As Bill C-9 – known as the Combatting Hate Act – advances to the Senate after a 186-137 vote in the House of Commons last week, human rights and religious groups are sharply divided over whether it will protect vulnerable communities or undermine fundamental freedoms.

The Bill, which was opposed by Conservatives, the NDP and Green MP Elizabeth May, is now with the Senate, which may still propose amendments before it becomes law.

While targeted hate-speech offences already exist in the Criminal Code, the new bill, if passed, will create legal complications for employers, according to Faisal Bhabha, associate professor at Osgoode Hall Law School and academic director of the Anti-Discrimination Intensive Program.

“We already have laws on the books that criminalize hateful acts like incitement or the wilful promotion of hate,” he says.

“These are narrow exceptions to the general principle that Canadians are free to think and say they wish without threat of punishment by the state.”

Workplace implications for HR, employers

For employers and HR leaders, Bhabha draws a direct line between these legal shifts and day-to-day workplace decisions. He says the risks are not only theoretical but could influence how organizations respond to employee expression and internal conflict.

“In the workplace, the risk is that employers will treat legitimate expression by workers as potentially criminal,” he says.

“This could lead to unnecessary reporting to police as well as workplace repercussions, such as investigations or disciplinary processes.”

That could include, for example, treating heated but lawful debate about international conflicts or social movements as something that must be escalated outside the organization.

“The stated purpose of Bill C-9 is to combat hate. In so doing, it dangerously widens the scope of criminal law into constitutionally protected activity,” Bhabha says, explaining why the proposed legislation has generated so much heated debate among legal and civil liberties experts.

“It turns lawful protest and other expressive acts into crimes for no justifiable reason.”

Implications for employers at protests, strikes

For employers operating near faith-based institutions or other public venues, Bill C-9’s protest-related elements raise specific practical questions. The Catholic Register reported that the bill would create new Criminal Code offences including criminalizing intimidation or obstruction outside establishments used by faith-based groups and the intentional flaunting of “certain terrorism or hate symbols in public”.

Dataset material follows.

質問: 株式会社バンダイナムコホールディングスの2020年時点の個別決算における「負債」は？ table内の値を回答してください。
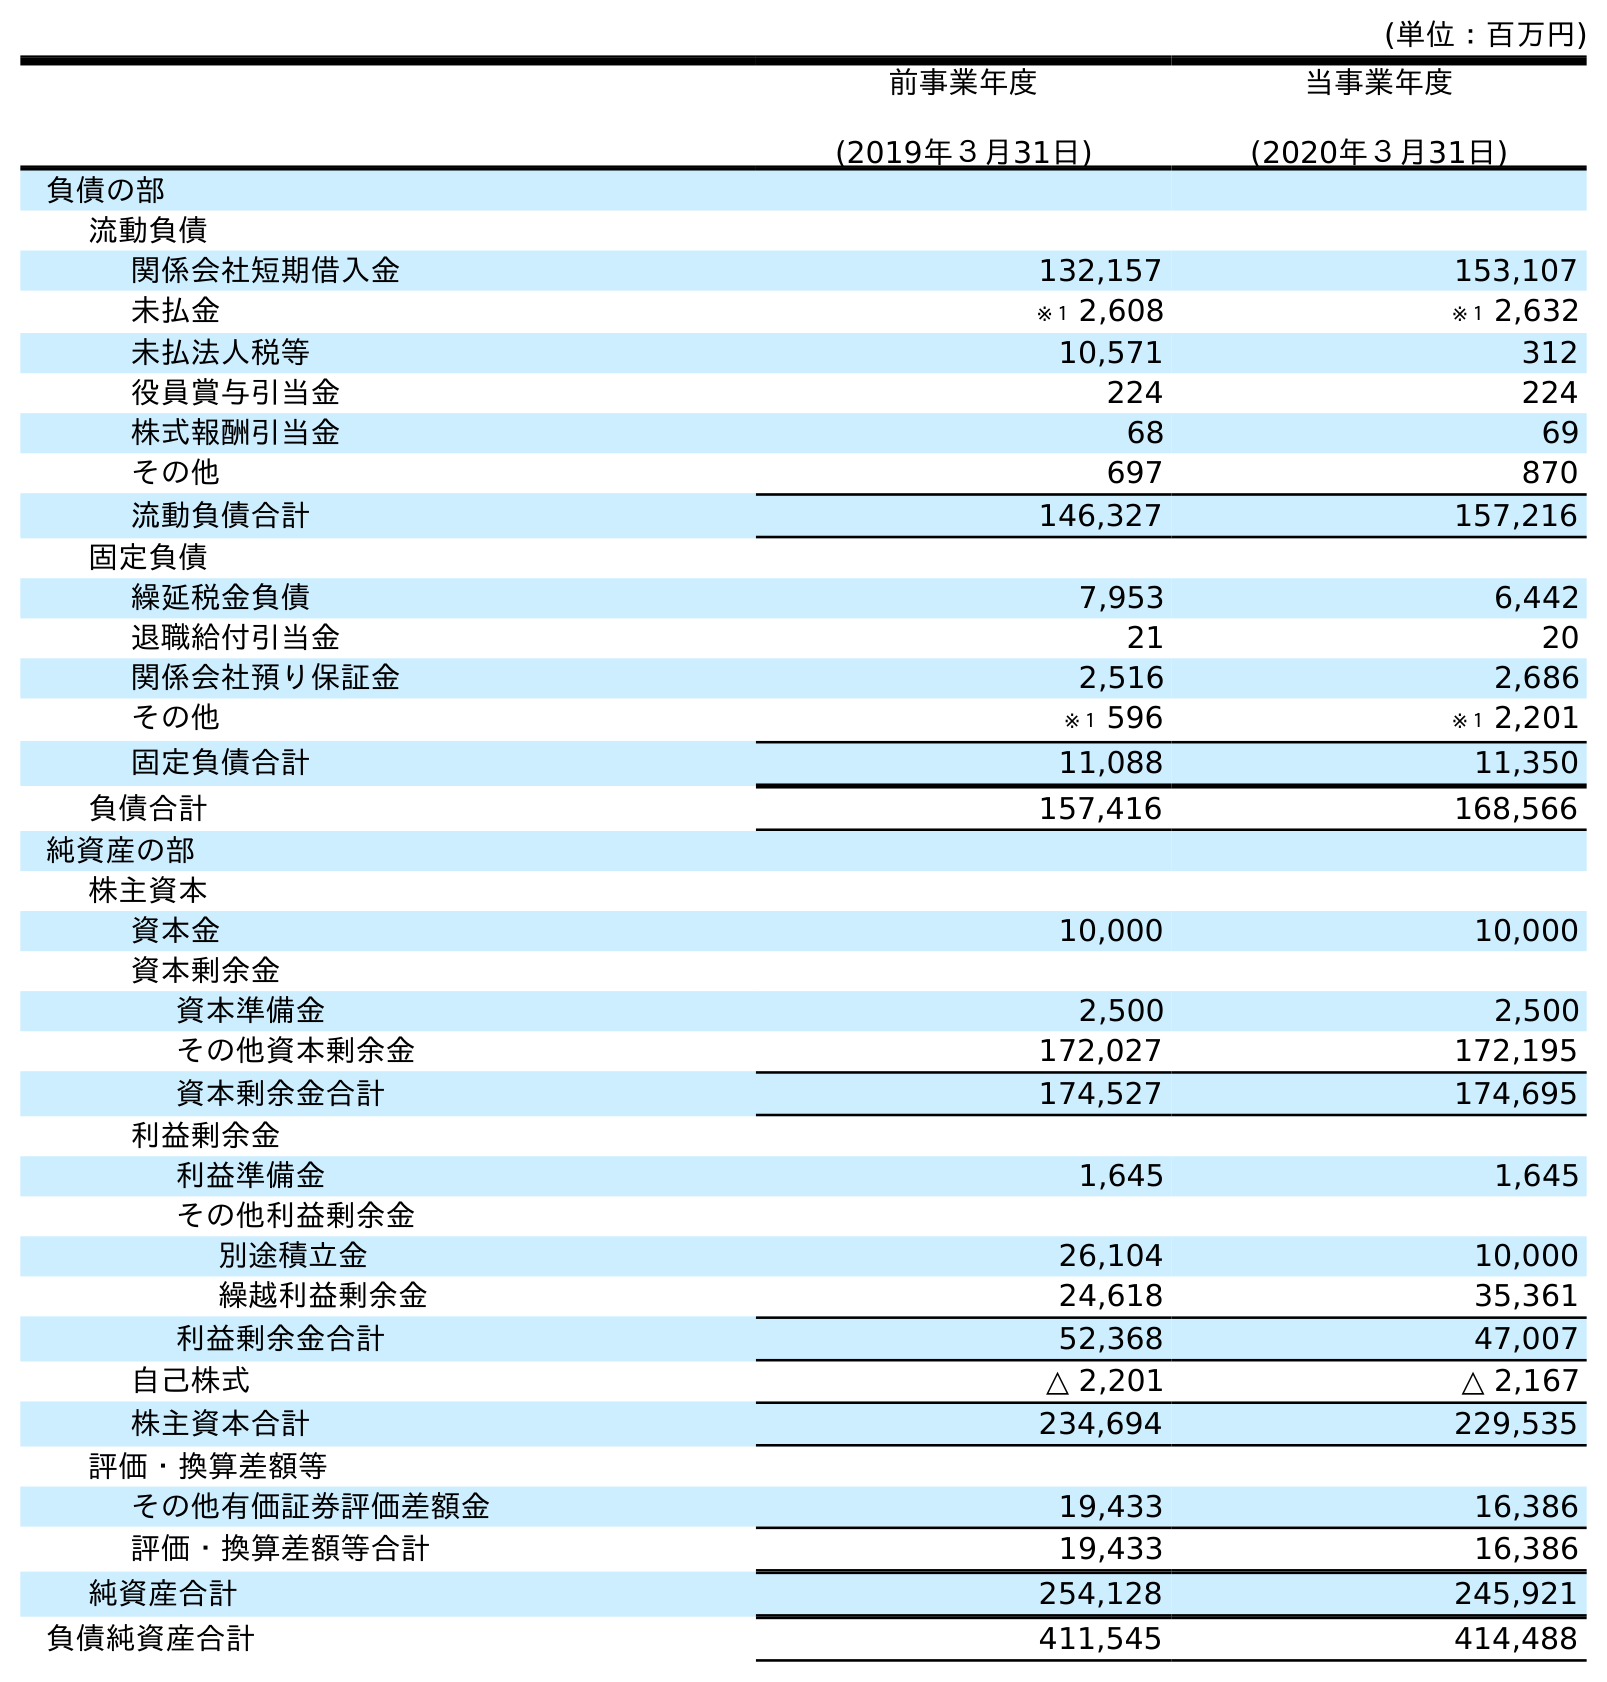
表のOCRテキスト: (単位：百万円) 前事業年度 (2019年３月31日) 当事業年度 (2020年３月31日) 負債の部 流動負債 関係会社短期借入金 132,157 153,107 未払金 ※１ 2,608 ※１ 2,632 未払法人税等 10,571 312 役員賞与引当金 224 224 株式報酬引当金 68 69 その他 697 870 流動負債合計 146,327 157,216 固定負債 繰延税金負債 7,953 6,442 退職給付引当金 21 20 関係会社預り保証金 2,516 2,686 その他 ※１ 596 ※１ 2,201 固定負債合計 11,088 11,350 負債合計 157,416 168,566 純資産の部 株主資本 資本金 10,000 10,000 資本剰余金 資本準備金 2,500 2,500 その他資本剰余金 172,027 172,195 資本剰余金合計 174,527 174,695 利益剰余金 利益準備金 1,645 1,645 その他利益剰余金 別途積立金 26,104 10,000 繰越利益剰余金 24,618 35,361 利益剰余金合計 52,368 47,007 自己株式 △ 2,201 △ 2,167 株主資本合計 234,694 229,535 評価・換算差額等 その他有価証券評価差額金 19,433 16,386 評価・換算差額等合計 19,433 16,386 純資産合計 254,128 245,921 負債純資産合計 411,545 414,488
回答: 168,566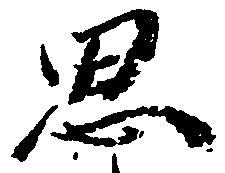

In environments where protests against public institutions, including faith-based organizations, may occur just outside the workplace, and where strike picket lines or solidarity demonstrations can look and feel confrontational, employers may feel pressure to respond if employees feel unsafe or threatened.

But they should be careful to separate issues of safety and access, Bhabha says, as overreaction can carry its own legal exposure; employers who over respond to lawful protests or strike lines at or near their workplaces should practice caution.

“Employers may face liability for damages caused by false reporting,” he says, “including suits for constructive dismissal, defamation, wrongful dismissal and more.”

Bill C-9 was passed on March 25, with the final vote being supported by the Bloc Québécois due to the inclusion of a clause removing the religious exemption from Canada's hate speech law, CBC reported.

The Criminal Code’s current religious exception is for statements made “in good faith, [if] the person expressed or attempted to establish by an argument an opinion on a religious subject or an opinion based on a belief in a religious text."